Please copy the lines below, exactly as they are, from the one with "Character: 铴" through the one with "Transcription: Party", and leave out the pictures.

* DATA SUPPLIED *
#####

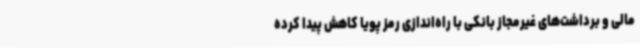
مالی و برداشت‌های غیرمجاز بانکی با راه‌اندازی رمز پویا کاهش پیدا کرده
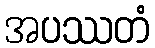
အပဿတံ
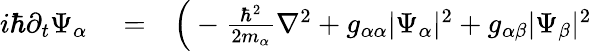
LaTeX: \begin{array}{rlr}{i\hbar\partial_{t}\Psi_{\alpha}}&{{}=}&{\Big(-\frac{\hbar^{2}}{2m_{\alpha}}\nabla^{2}+g_{\alpha\alpha}|\Psi_{\alpha}|^{2}+g_{\alpha\beta}|\Psi_{\beta}|^{2}}\end{array}
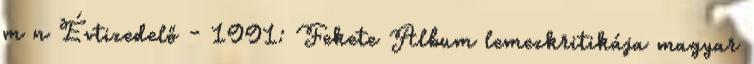
m n Évtizedelő - 1991: Fekete Album lemezkritikája magyar
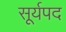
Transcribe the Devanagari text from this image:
सूर्यपद
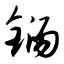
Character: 铴
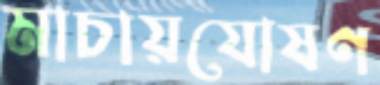
মাচায়যোষণ
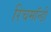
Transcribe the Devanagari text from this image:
रिचमॉन्डी
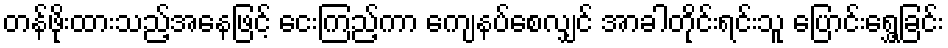
တန်ဖိုးထားသည့်အနေဖြင့် ငေးကြည့်ကာ ကျေနပ်စေလျှင် အာခါတိုင်းရင်းသူ ပြောင်းရွှေ့ခြင်း
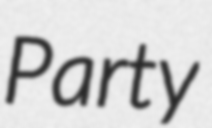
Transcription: Party
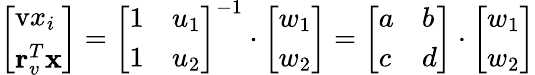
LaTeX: \left[\begin{array}{l}{\textrm{v}x_{i}}\\ {\mathbf{r}_{v}^{T}\mathbf{x}}\end{array}\right]=\left[\begin{array}{ll}{1}&{u_{1}}\\ {1}&{u_{2}}\end{array}\right]^{-1}\cdot\left[\begin{array}{l}{w_{1}}\\ {w_{2}}\end{array}\right]=\left[\begin{array}{ll}{a}&{b}\\ {c}&{d}\end{array}\right]\cdot\left[\begin{array}{l}{w_{1}}\\ {w_{2}}\end{array}\right]
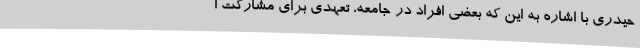
حیدری با اشاره به این که بعضی افراد در جامعه، تعهدی برای مشارکت ا
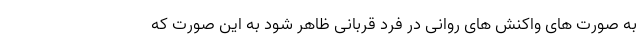
به صورت های واکنش های روانی در فرد قربانی ظاهر شود به این صورت که
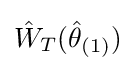
{\hat {W}}_{T}({\hat {\theta }}_{(1)})
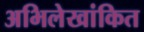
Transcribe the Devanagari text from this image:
अभिलेखांकित
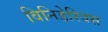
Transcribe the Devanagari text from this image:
विनिडेरियस
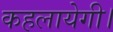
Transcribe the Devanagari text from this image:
कहलायेगी।
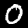
Label: 0
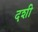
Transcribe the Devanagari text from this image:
दशी
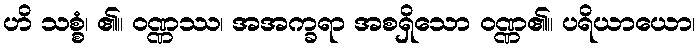
ဟိ သစ္စံ၊ ၏။ ဝဏ္ဏဿ၊ အအက္ခရာ အစရှိသော ဝဏ္ဏ၏။ ပရိယာယော၊
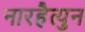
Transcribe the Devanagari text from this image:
नारहैत्युन
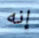
إنه
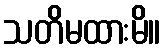
သတိမထားမိ။
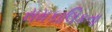
સમકાલિકતા
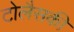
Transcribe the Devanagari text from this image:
टोलैसकी
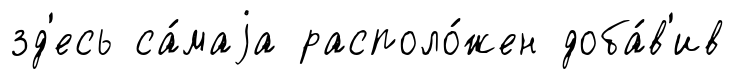
зд'есь са́маjа располо́жен доба́в'ив
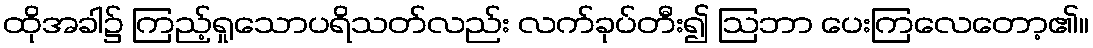
ထိုအခါ၌ ကြည့်ရှုသောပရိသတ်လည်း လက်ခုပ်တီး၍ ဩဘာ ပေးကြလေတော့၏။
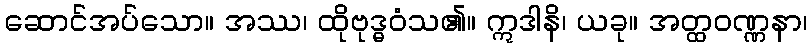
ဆောင်အပ်သော။ အဿ၊ ထိုဗုဒ္ဓဝံသ၏။ ဣဒါနိ၊ ယခု။ အတ္ထဝဏ္ဏနာ၊
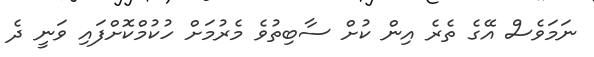
ނަމަވެސް އޭގެ ތެރެ އިން ކުށް ސާބިތުވެ މެރުމަށް ހުކުމްކޮށްފައި ވަނީ ދެ
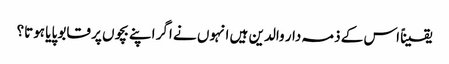
یقیناً اس کے ذمہ دار والدین ہیں انہوں نے اگر اپنے بچوں پر قابو پایا ہوتا؟
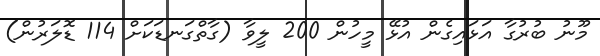
މޫނު ބުރުގާ އަޅައިގެން އުޅޭ މީހުން 200 ލީވާ (ގާތްގަނޑަކަށް 114 ޑޮލަރުން)
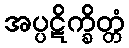
အပ္ပဋိက္ခိတ္တံ
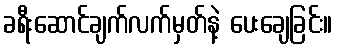
ခရီးဆောင်ချက်လက်မှတ်နဲ့ ပေးချေခြင်း။
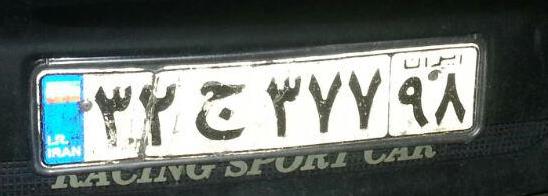
۳۲ج۳۷۷۹۸
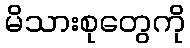
မိသားစုတွေကို
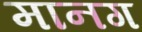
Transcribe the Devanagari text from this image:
मानग
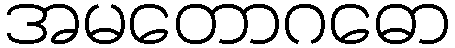
အမတောဂဓော
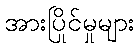
အားပြိုင်မှုများ
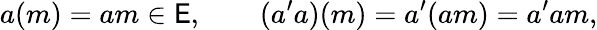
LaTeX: a(m)=am\in\mathsf{E},\qquad(a^{\prime}a)(m)=a^{\prime}(am)=a^{\prime}am,
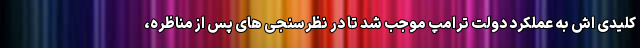
کلیدی اش به عملکرد دولت ترامپ موجب شد تا در نظرسنجی های پس از مناظره،
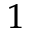
^ { 1 }

#####

* ANSWER *
Character: 铴
মাচায়যোষণ
Transcribe the Devanagari text from this image:
रिचमॉन्डी
တန်ဖိုးထားသည့်အနေဖြင့် ငေးကြည့်ကာ ကျေနပ်စေလျှင် အာခါတိုင်းရင်းသူ ပြောင်းရွှေ့ခြင်း
Transcription: Party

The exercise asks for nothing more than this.